Aurora Lovisa Ljungstedt (2 September 1821 – 21 February 1908), was a Swedish writer writing under the pseudonym Claude Gérard. She is regarded to be the first crime novel author of her country and has been referred to as Sweden's Edgar Allan Poe.

==Life==
Aurora Lovisa Hjort was born 2 September 1821 in Karlskrona. She was the eldest of four children of major Georg Leonard Hjort (1788–1872) and Fredrika Elisabeth Alf (1792–1877).

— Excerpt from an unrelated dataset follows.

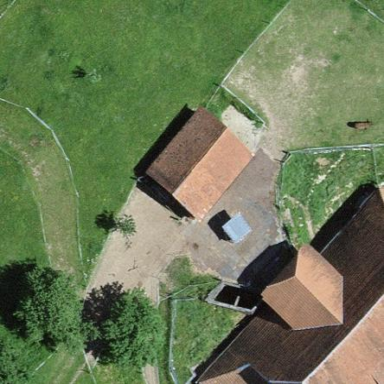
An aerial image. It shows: Barn.
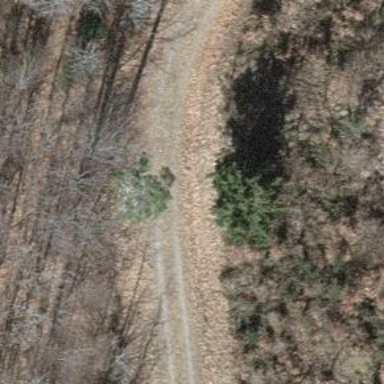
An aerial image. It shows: Gravel track with grade3 tracktype.

In 1846, she married Samuel Viktor Ljungstedt (1820–1904), an official in the prison care bureau, and settled in Stockholm. She had three children.

Ljungstedt displayed talent early on but her mother disapproved of a literary career as unsuitable as this would make her a public person. After having married, she was free to write with the support of her spouse. She debuted in the 1840s, and wrote anonymously until her pseudonym was unintentionally exposed in the 1870s.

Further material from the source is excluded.